In 1972, Cohen decided to run for the United States House of Representatives. Cohen came to national attention during his first term when, as a member of the House Judiciary Committee, he "resisted political pressure by voting to recommend the impeachment of President Richard Nixon for complicity in the Watergate cover-up." Crossing party lines, Cohen cast what turned out to be the deciding vote on a Democratic motion that informed President Nixon of his failure to comply with the committee's subpoena for White House documents and tapes. Cohen's mostly Republican constituency saw his impeachment vote as a matter of conscience; he was reelected in 1976 and again 1978, this time with 77 percent of the popular vote.

In 1978, Cohen was elected to the first of three terms in the United States Senate. During his 18 years in the upper chamber, Cohen became an acknowledged expert on military affairs. From his seat on the Armed Services Committee, Cohen led the fight for a stronger, more efficiently financed American military. In 1980, Cohen ran into trouble with the American Jewish political establishments when he cast a "reluctant vote" in favor President Reagan's proposed sale of five Airborne Warning and Control System (awacs) surveillance planes to Saudi Arabia. Heretofore a committed Zionist, his last-minute vote in favor of awacs was seen as a betrayal of the Jewish community which, in this instance, chose to see him as being "one of the family." During his years in the Senate, Cohen became well known for both his political moderation and independence of thought.

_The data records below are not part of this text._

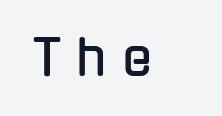
Q: Is the text italic (slanted)? A: No, it is upright.
Q: Is the typeface a serif or a sans-serif typeface? A: Sans-serif.
Q: Is the text underlined? A: No.
Q: Is the spacing between letters normal or unusually wide? A: Unusually wide.
Q: Width (condensed, normal, or wide)? A: Condensed.
Q: Stroke contrast? A: Low.
Q: x-height? A: Medium.
Q: Monospaced? A: No.
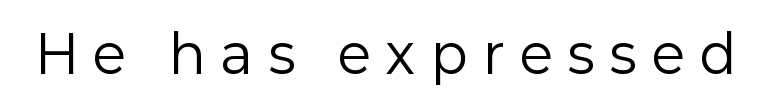
Q: Is the text bold? A: No.
Q: Is the text italic (slanted)? A: No, it is upright.
Q: Is the typeface a serif or a sans-serif typeface? A: Sans-serif.
Q: Is the text underlined? A: No.
Q: Is the spacing between letters normal or unusually wide? A: Unusually wide.
Q: Width (condensed, normal, or wide)? A: Normal.
Q: Stroke contrast? A: Low.
Q: x-height? A: Medium.
Q: Monospaced? A: No.
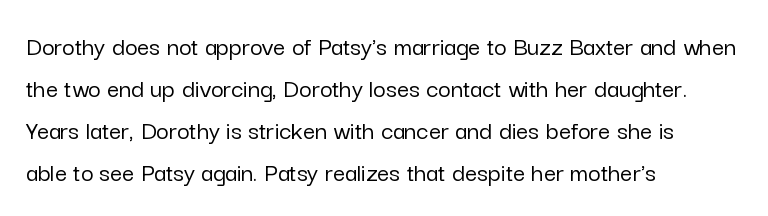
Q: Is the text italic (slanted)? A: No, it is upright.
Q: Is the text underlined? A: No.
Q: How is the paragraph aligned? A: Left-aligned.
Q: Is the spacing between letters normal or unusually wide? A: Normal.
Q: Is the spacing between lines tight, normal or loose? A: Normal.
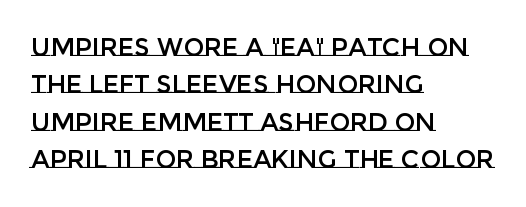
The rendering anchors every line to the left-hand side. The vertical gap from one line to the next is medium. The letterforms sit shoulder to shoulder at normal distance. Lines of text with bare space underneath. This is roman type, the default non-slanted kind.
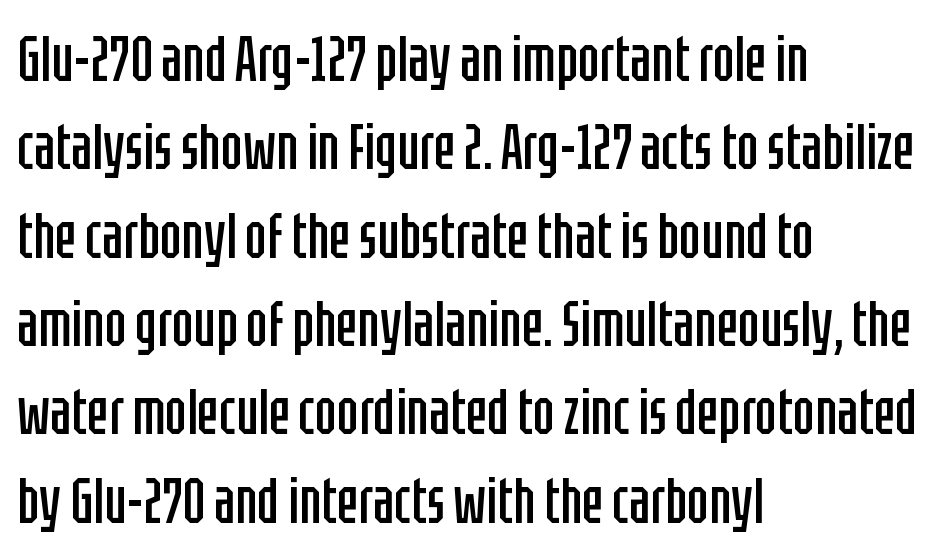
Spacing verdict: proportional, widths tailored to each character. Honestly, the row spacing looks completely unremarkable. Layout note: lines flush left. Examine the stroke ends and you'll find no serifs.
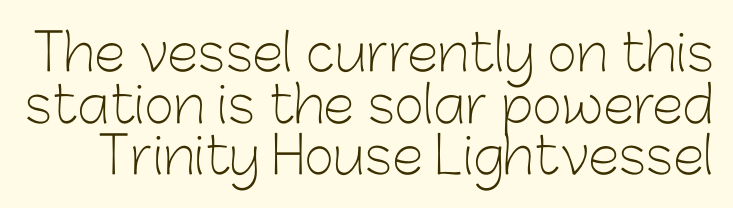
{"serif": "no", "italic": "no", "bold": "no", "weight": "light", "width": "normal", "stroke_contrast": "low", "x_height": "medium", "monospaced": "no", "underline": "no", "line_spacing": "tight", "line_spacing_ratio": 1.01, "letter_spacing": "normal", "letter_spacing_em": 0.0, "glyph_px": 51}
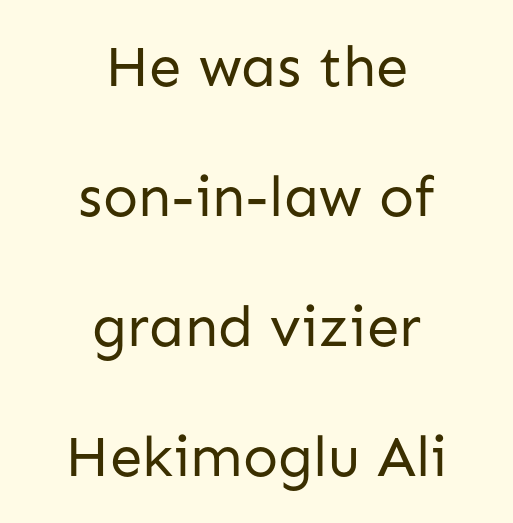
This rendering features lettering with no underline. You could fit nearly another row in the gap between these rows. Each line is balanced around a shared central axis. The letters look calm and open, with moderate or lighter stems.
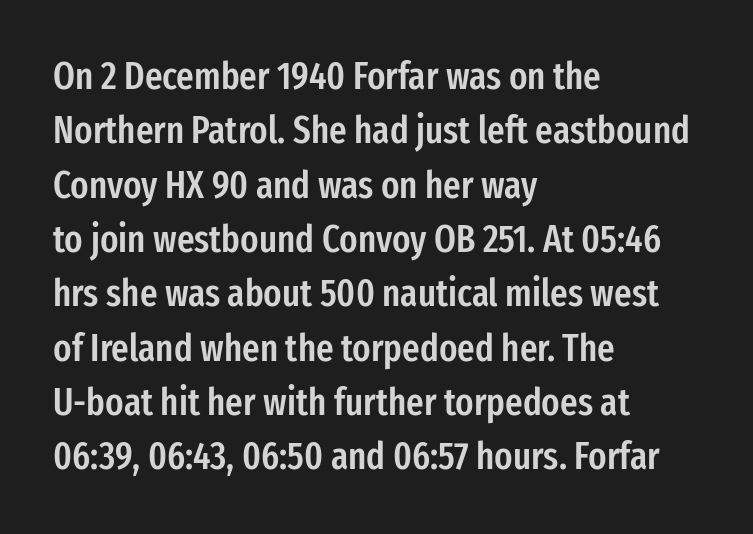
The image shows 38 px semibold, condensed sans-serif type, upright; set left-aligned, normal line spacing (1.43x), normal letter spacing, not underlined; low stroke contrast and a medium x-height.
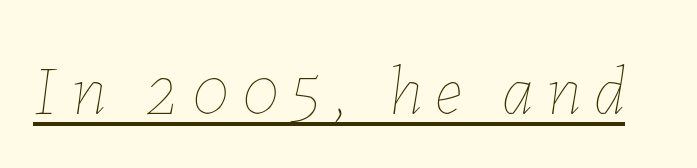
The image shows 70 px thin type, italic (leaning right); set underlined; low stroke contrast and a medium x-height.
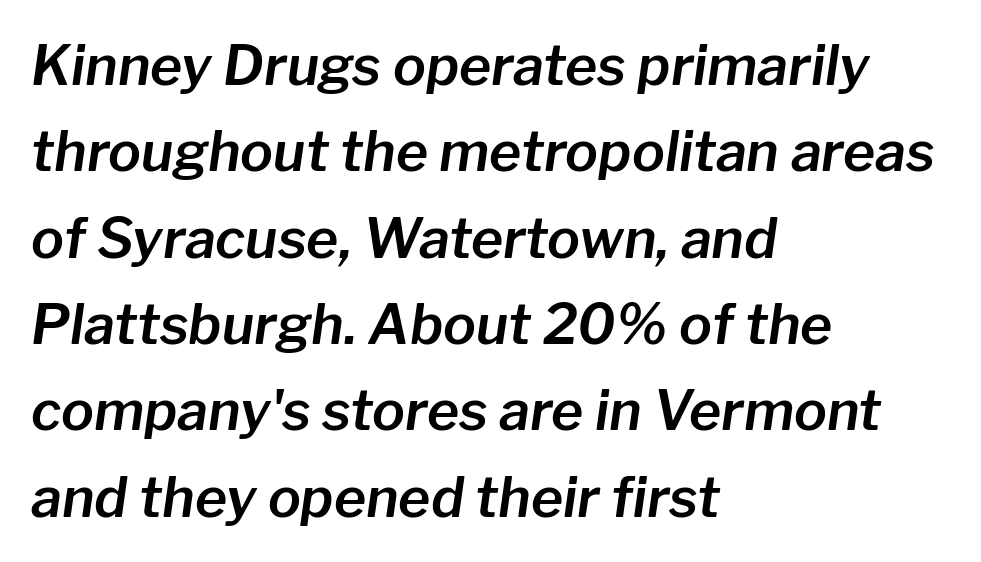
{"italic": "yes", "lean": "right", "slant_degrees": 8, "width": "normal", "stroke_contrast": "low", "x_height": "medium", "monospaced": "no", "underline": "no", "align": "left", "line_spacing": "normal", "line_spacing_ratio": 1.57, "letter_spacing": "normal", "letter_spacing_em": 0.0, "glyph_px": 55}
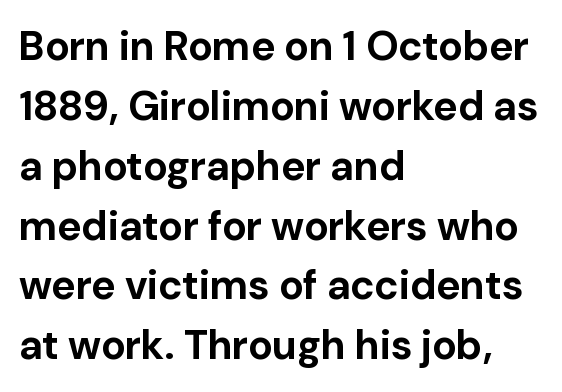
Q: Is the text bold? A: Yes.
Q: Is the text italic (slanted)? A: No, it is upright.
Q: Is the typeface a serif or a sans-serif typeface? A: Sans-serif.
Q: Is the text underlined? A: No.
Q: How is the paragraph aligned? A: Left-aligned.
Q: Is the spacing between letters normal or unusually wide? A: Normal.
Q: Is the spacing between lines tight, normal or loose? A: Normal.
Q: Width (condensed, normal, or wide)? A: Normal.
Q: Stroke contrast? A: Low.
Q: x-height? A: Medium.
Q: Monospaced? A: No.
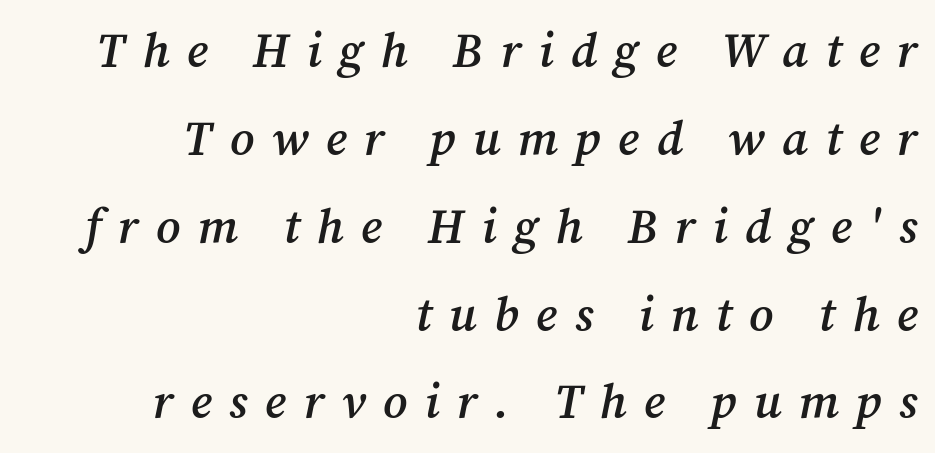
Q: Is the text bold? A: Semi-bold.
Q: Is the text italic (slanted)? A: Yes, it leans right by about 12 degrees.
Q: Is the typeface a serif or a sans-serif typeface? A: Serif.
Q: Is the text underlined? A: No.
Q: How is the paragraph aligned? A: Right-aligned.
Q: Is the spacing between letters normal or unusually wide? A: Unusually wide.
Q: Width (condensed, normal, or wide)? A: Normal.
Q: Stroke contrast? A: Medium.
Q: x-height? A: Medium.
Q: Monospaced? A: No.
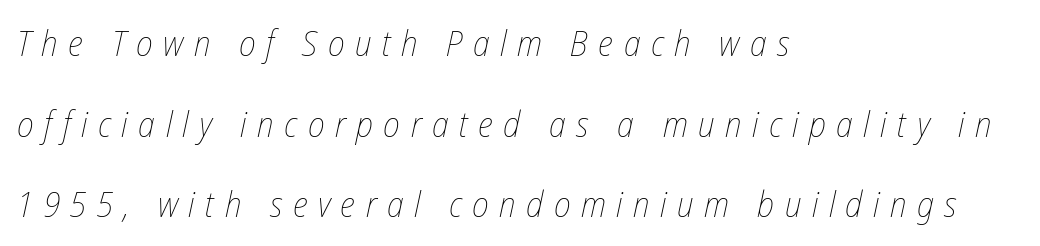
{"italic": "yes", "lean": "right", "slant_degrees": 12, "bold": "no", "weight": "thin", "width": "condensed", "stroke_contrast": "low", "x_height": "medium", "monospaced": "no", "underline": "no", "align": "left", "line_spacing": "loose", "line_spacing_ratio": 2.24, "letter_spacing": "wide", "letter_spacing_em": 0.29, "glyph_px": 36}
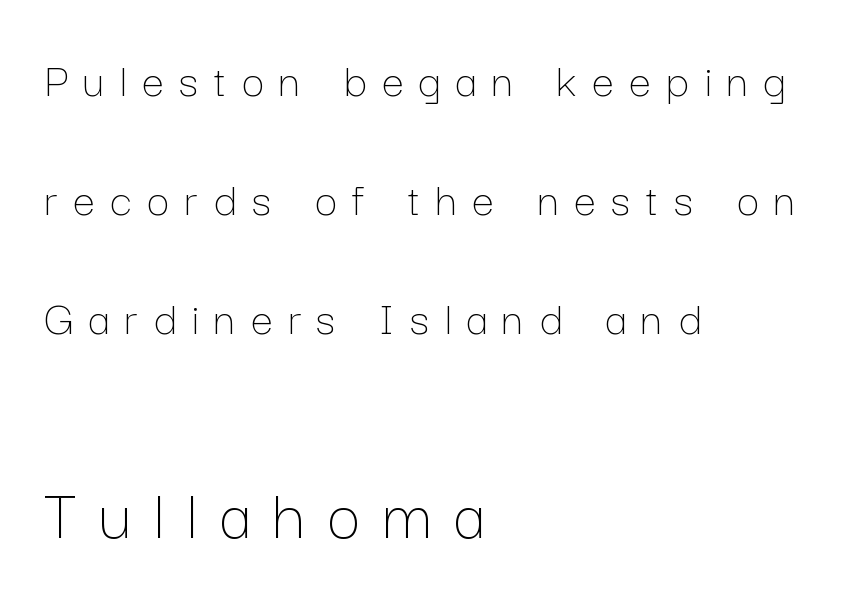
Q: Is the text bold? A: No.
Q: Is the text italic (slanted)? A: No, it is upright.
Q: Is the text underlined? A: No.
Q: How is the paragraph aligned? A: Left-aligned.
Q: Is the spacing between letters normal or unusually wide? A: Unusually wide.
Q: Is the spacing between lines tight, normal or loose? A: Loose.
Q: Which block of text is set in a larger size, the first (top) or the second (bottom)? A: The second (bottom) one.
Q: Width (condensed, normal, or wide)? A: Normal.
Q: Stroke contrast? A: Low.
Q: x-height? A: Medium.
Q: Monospaced? A: No.
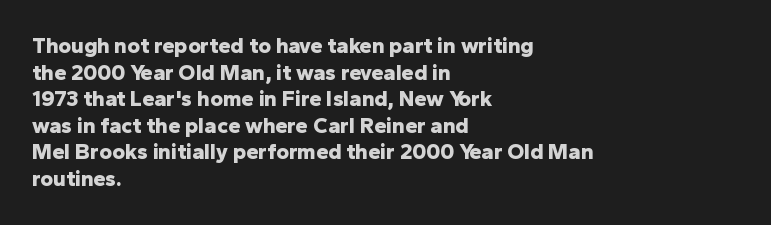
{"italic": "no", "bold": "yes", "underline": "no", "align": "left", "line_spacing_ratio": 1.21, "letter_spacing": "normal", "letter_spacing_em": 0.0, "glyph_px": 22}
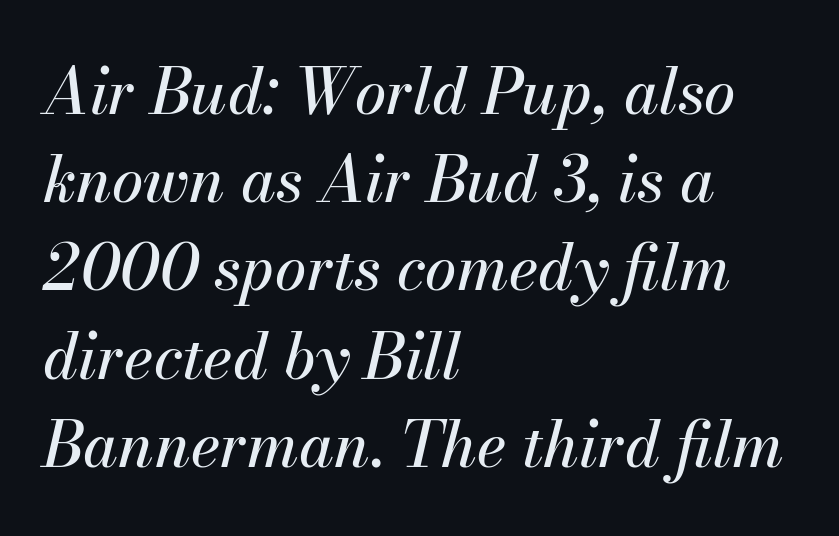
{"italic": "yes", "lean": "right", "slant_degrees": 13, "width": "normal", "stroke_contrast": "medium", "x_height": "small", "monospaced": "no", "underline": "no", "align": "left", "line_spacing": "normal", "line_spacing_ratio": 1.4, "letter_spacing": "normal", "letter_spacing_em": 0.0, "glyph_px": 63}
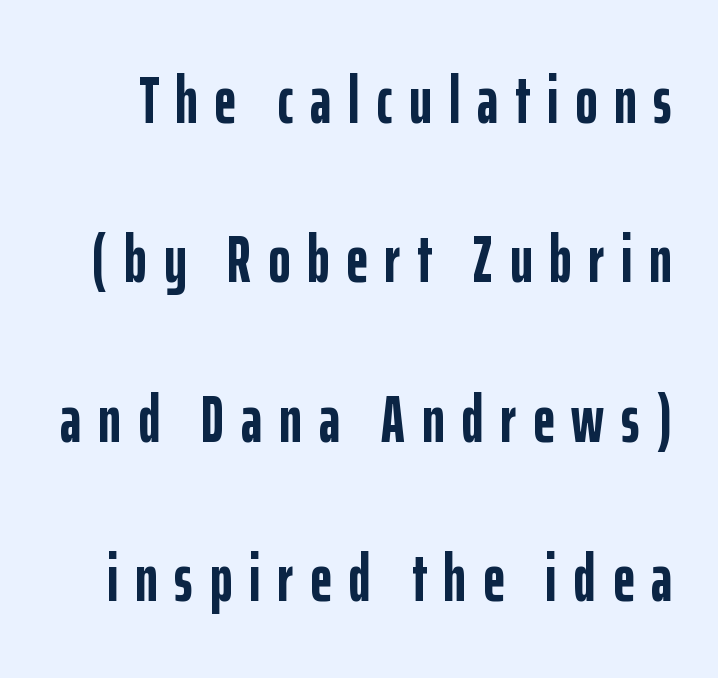
{"serif": "no", "italic": "no", "bold": "yes", "weight": "semibold", "width": "condensed", "stroke_contrast": "low", "x_height": "medium", "monospaced": "no", "underline": "no", "line_spacing": "loose", "line_spacing_ratio": 2.38, "letter_spacing": "wide", "letter_spacing_em": 0.25, "glyph_px": 67}
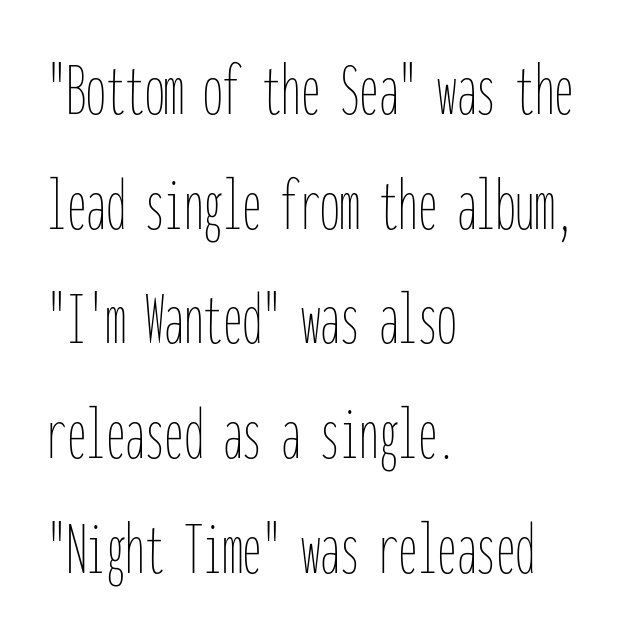
Rows of type keep a routine distance in the vertical direction. Observe the ordinary spacing: letters are neighbours, not strangers. Where is the straight margin? On the left. A clean baseline with only descenders dipping below it. These lines are rendered in a fixed-pitch font.
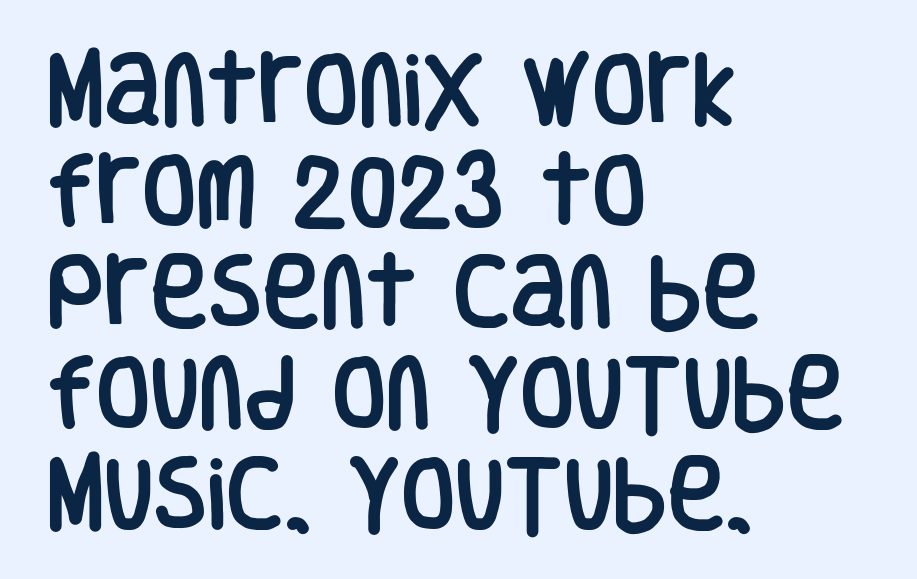
The line texture is even and compact thanks to regular tracking. Where is the straight margin? On the left. Typographically, this falls in the sans-serif category. Anything drawn beneath the words? Only blank space. Ascenders rise straight up at ninety degrees.
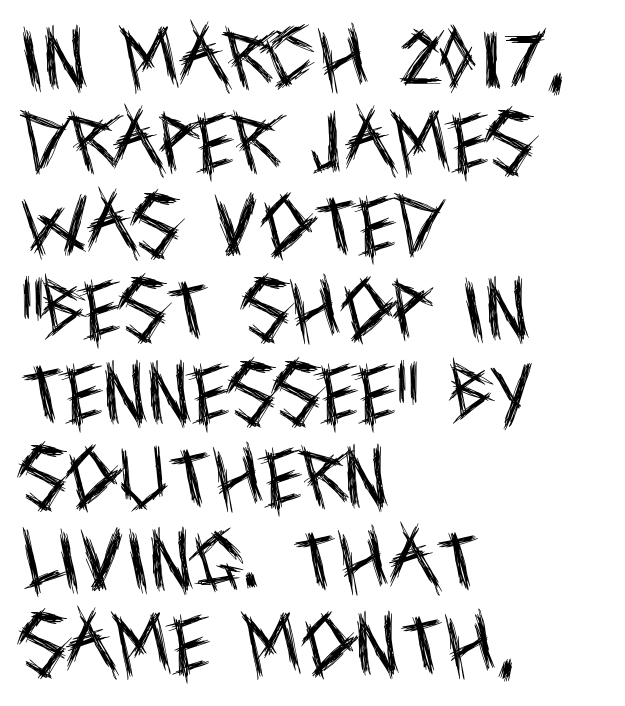
Underline: absent. Character widths vary here, with narrow letters taking less room than wide ones. Horizontal alignment here is leftward, the default for most running prose. The text was rendered using a sans face with plain stroke endings. Is there any slant? The stems are plumb.
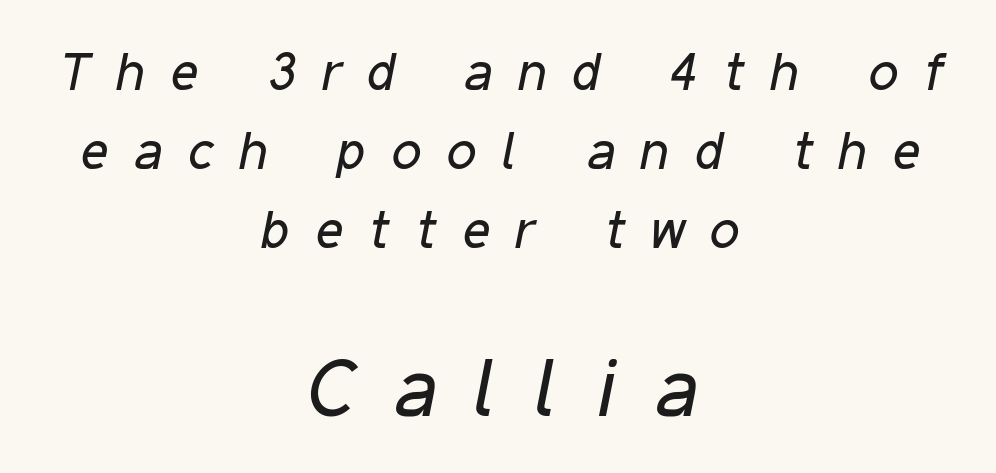
The image shows 80 px regular-weight, condensed type, italic (leaning right); set centered, normal line spacing (1.49x), unusually wide letter spacing (+0.49 em), not underlined; the second (bottom) block is 1.51x larger; low stroke contrast and a medium x-height.

As chair of the Senate Committee on Aging, Cohen played a pivotal role in the health care reform debates of the 1990s. As a committed environmentalist, he became the only Republican endorsed by the League of Conservation Voters.

In December 1996, President Bill Clinton, seeking to fulfill his wish for a bipartisan cabinet, nominated Cohen to become the nation's 20th secretary of defense. Easily confirmed by his former colleagues in the Senate, Cohen served as defense secretary throughout the remainder of the Clinton years (1997–2000).

Throughout his more than 30 years in public life, Cohen published nearly a dozen books. Among these are two volumes of poems (Of Sons and Seasons and A Baker's Nickel), three novels (The Double Man, Murder in the Senate, and One-Eyed Kings) and several works concerning government policy.

bibliography:

K.F. Stone, The Congressional Minyan: The Jews of Capitol Hill (2000), 63–64.